Introduction
The purpose of this article is to describe how to create an Excel workbook using solely DocumentFormat.OpenXml.dll (namespace is DocumentFormat.OpenXml
).
In order to test the samples you have to download and install the Open XML SDK 2.0 from Download Center.
The demo is created for both C# and Visual Basic.

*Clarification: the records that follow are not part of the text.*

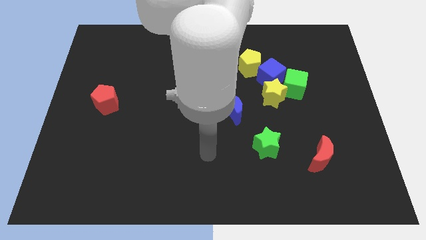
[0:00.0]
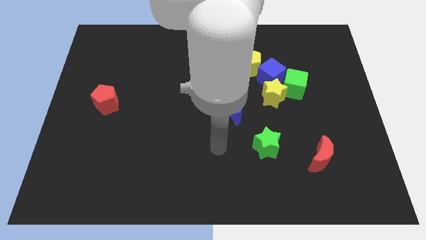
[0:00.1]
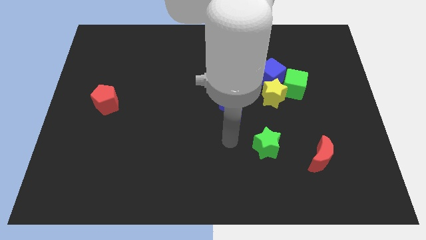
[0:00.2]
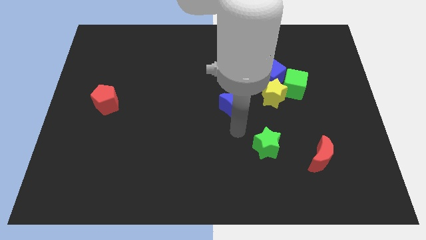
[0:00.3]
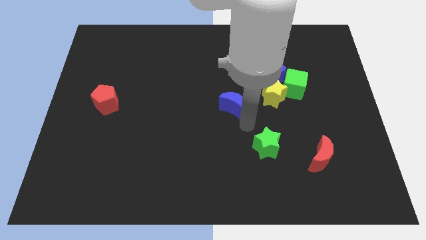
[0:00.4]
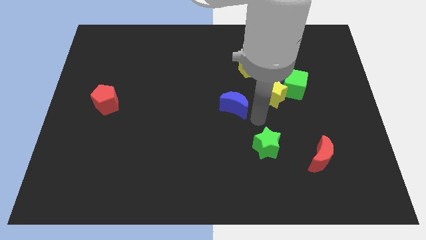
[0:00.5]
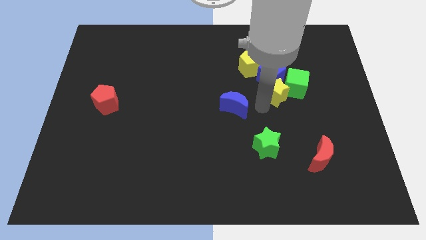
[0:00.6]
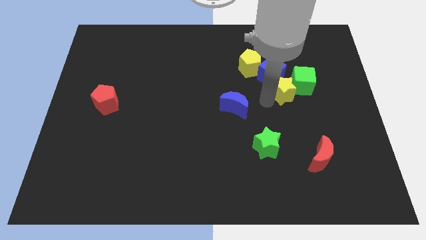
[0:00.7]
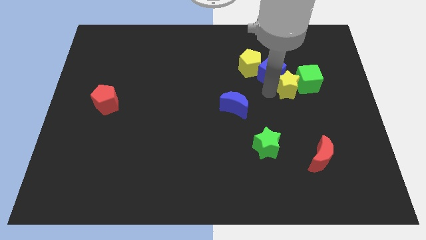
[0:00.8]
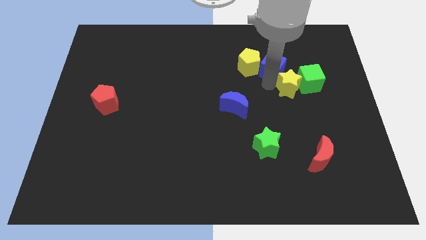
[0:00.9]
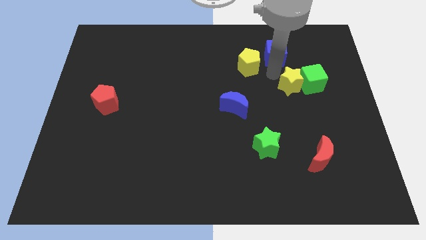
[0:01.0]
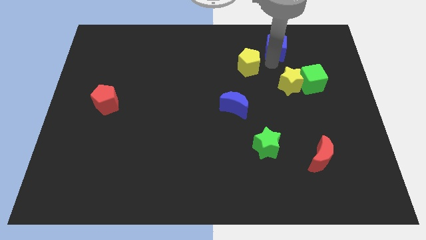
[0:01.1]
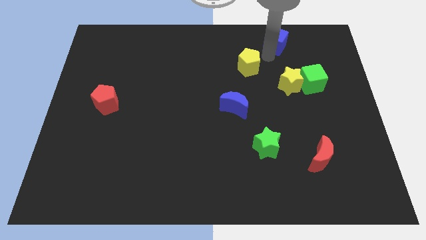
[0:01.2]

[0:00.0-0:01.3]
move the yellow pentagon away from the blue cube

When creating an Excel file with Open XML SDK, there's no need to install Microsoft Office, so this library can be used without Excel installation. However, the demo project starts the xlsx document after it hsa been created so in order to view the file created, a program that can open xlsx files should be installed to view the file.
Little bit of explanation about Open XML
Open XML is an open and standardized format for Office files. The standards used are:
These standards define the structure and the elements for the Office files. The Office files (like xlsx for Excel) themselves are zipped files that contain a specific directory and file structure. The files that hold the content of a spreadsheet are xml files like any other xml files.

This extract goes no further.